Intersection and Addition of Subspaces

[TranscendArcu]

Homework Statement

http://img824.imageshack.us/img824/3849/screenshot20120122at124.png

The Attempt at a Solution

Let S = \left\{ S_1,...,S_n \right\}. If L(S) = V, then T = \left\{ 0 \right\} and we are done because S + T = V. Suppose that L(S) ≠ V. Let B_1 \in T such that B_1 \notin L(S). Then the set Q =\left\{ S_1,...,S_n,B_1 \right\} is linearly independent. If L(Q) = V then we are done since S + T = V and S \cap T = \left\{ 0 \right\}. If not, then we may repeat the preceding argument beginning with the set Q. Thus, we would create a new set, call it Q', where Q' = \left\{ S_1,...,S_n,B_1,B_2 \right\} and B_1,B_2 \notin S. Then, if L(Q') = V, then we are done. If not, then we continue as above. This process must certainly end because V is itself stated to be finite. Thus, such a T as in the problem must exist.

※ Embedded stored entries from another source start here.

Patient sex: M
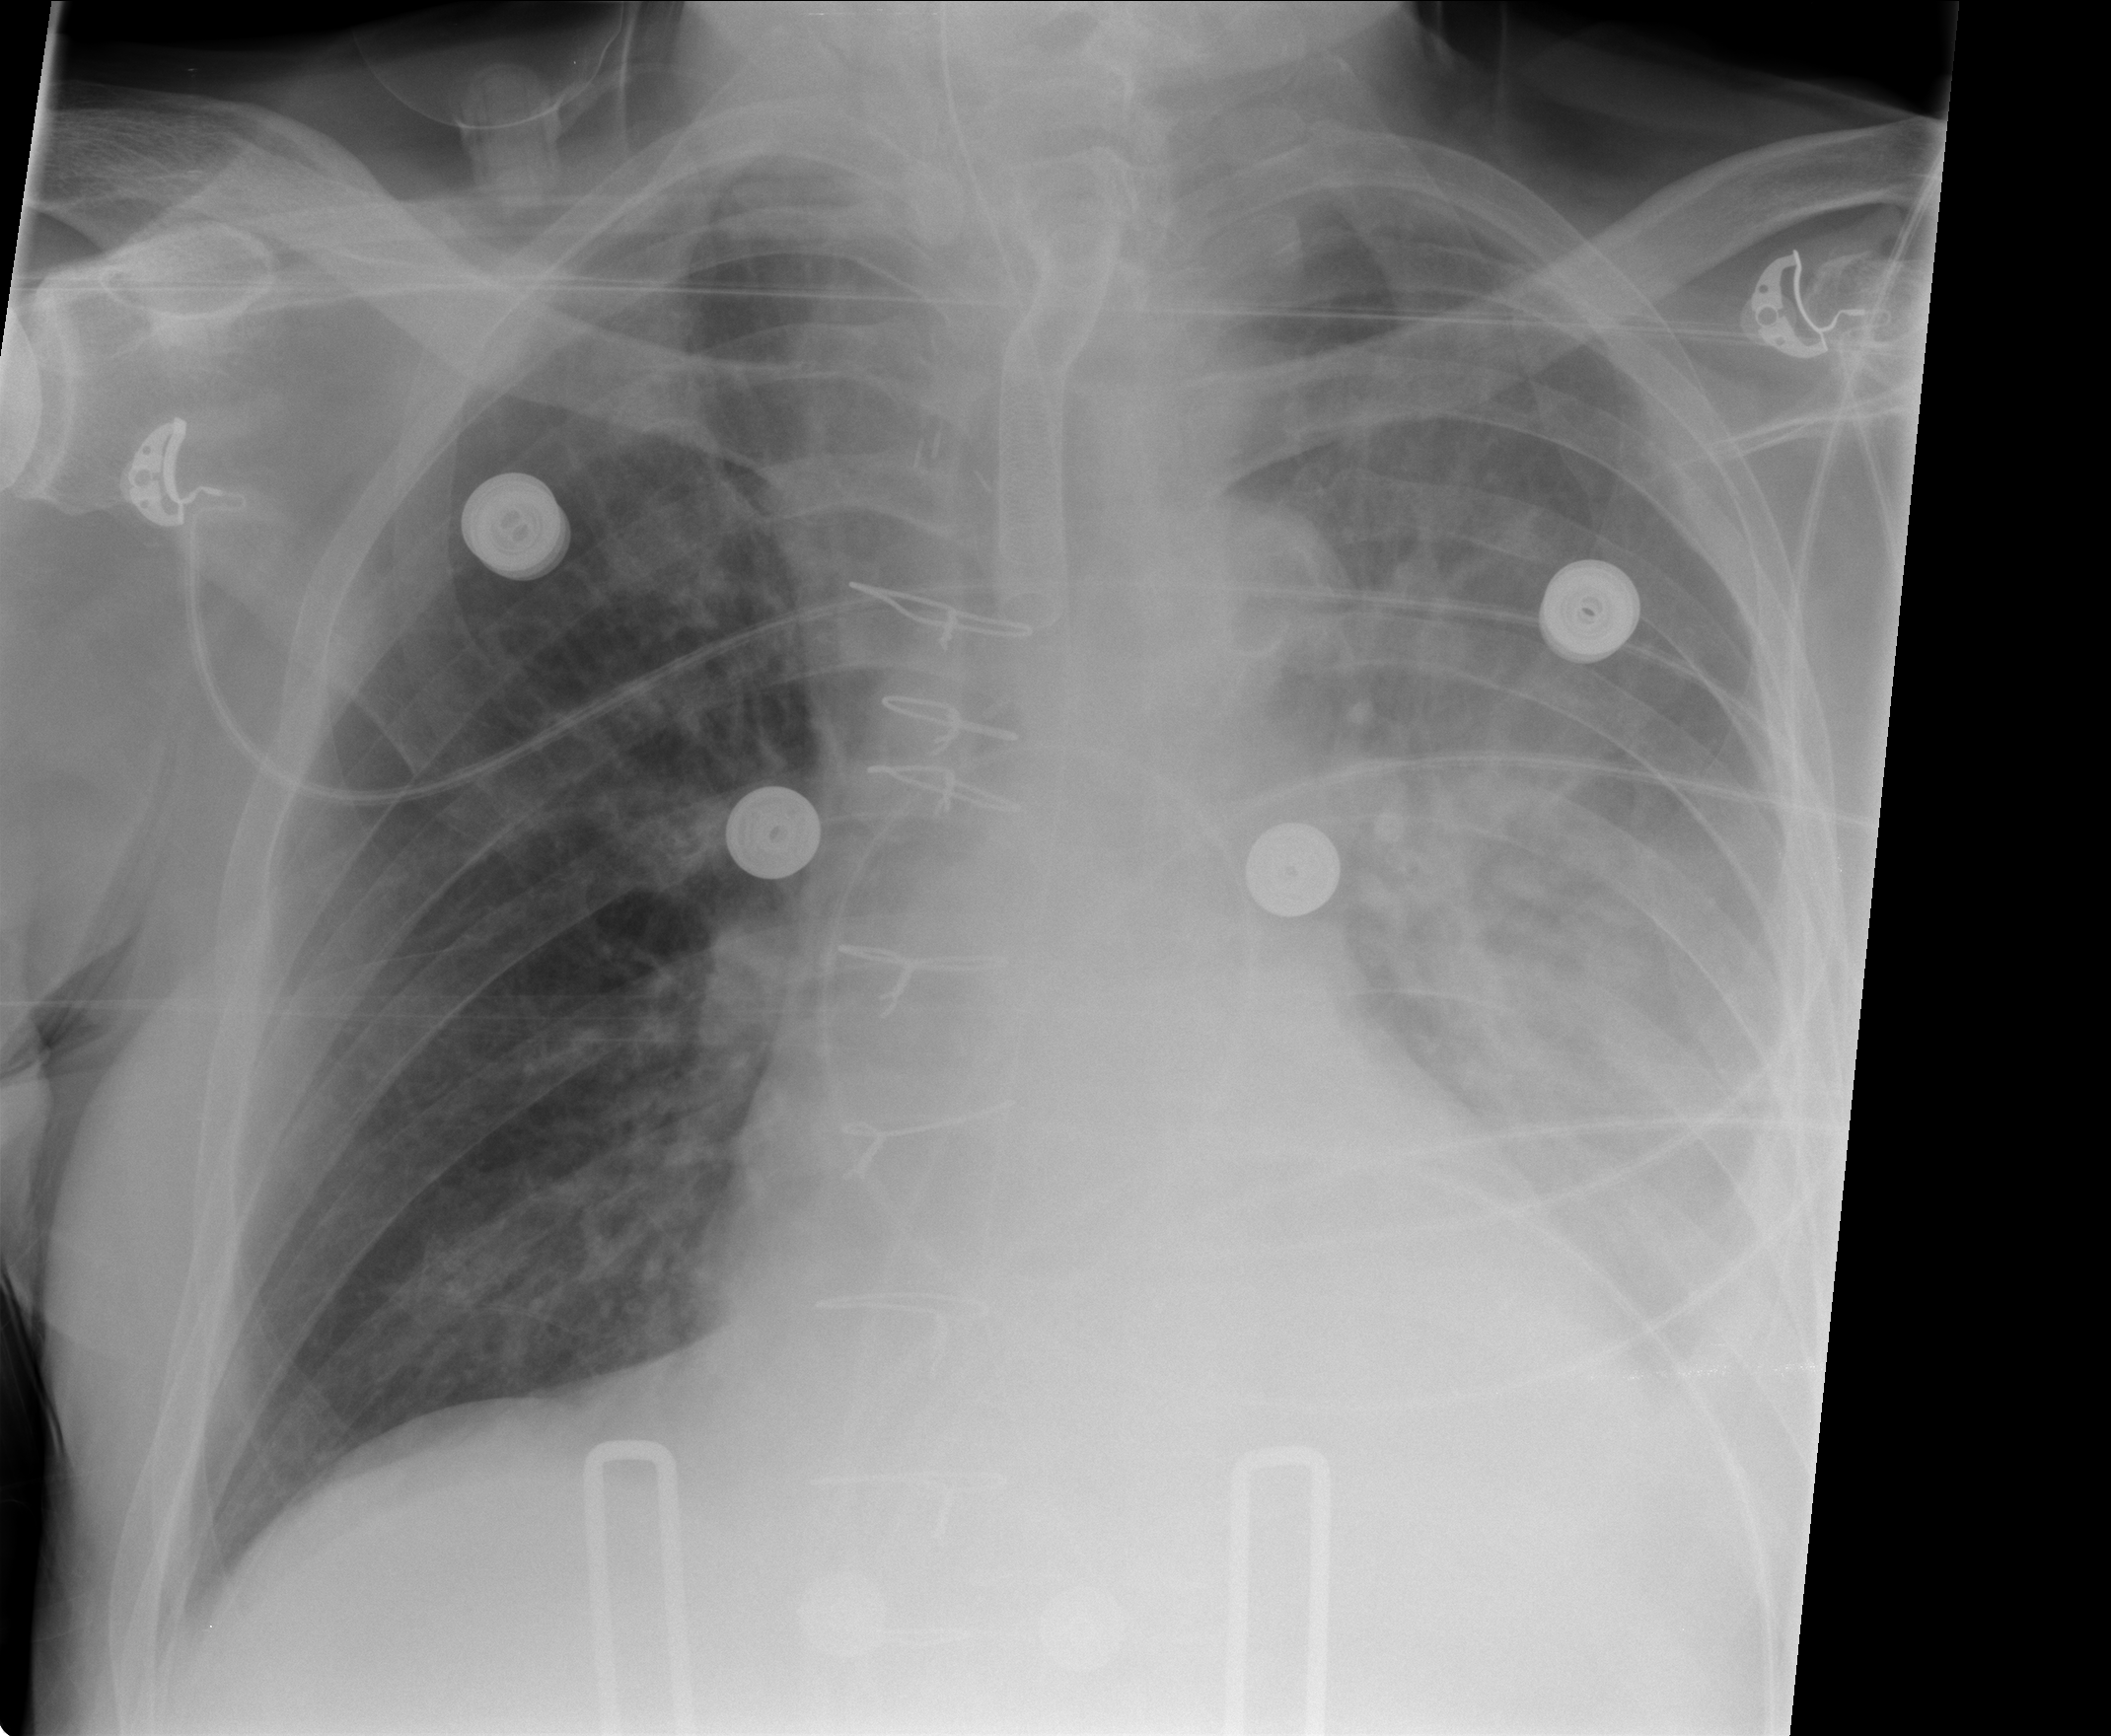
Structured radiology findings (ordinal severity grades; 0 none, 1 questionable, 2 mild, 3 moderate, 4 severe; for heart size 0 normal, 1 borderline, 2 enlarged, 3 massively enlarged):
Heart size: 0
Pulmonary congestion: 0
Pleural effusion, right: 0
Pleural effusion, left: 2
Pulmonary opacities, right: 0
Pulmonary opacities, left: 2
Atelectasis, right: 0
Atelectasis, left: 2

I think I'm going in the right direction, but I'm not sure if I'm executing the proof correctly.

 

[kru_]

I see where you are going, and you have the right concept. To be a bit clearer, how about starting with a basis for V, and let some part of that basis be the basis for S. Then go from there.

 

[HallsofIvy]

Sorry, but TranscendArc's method is better. You can't simply assume that there exist a basis for V that includes a basis for S. It is true, of course, but TranscendArc's method proves that.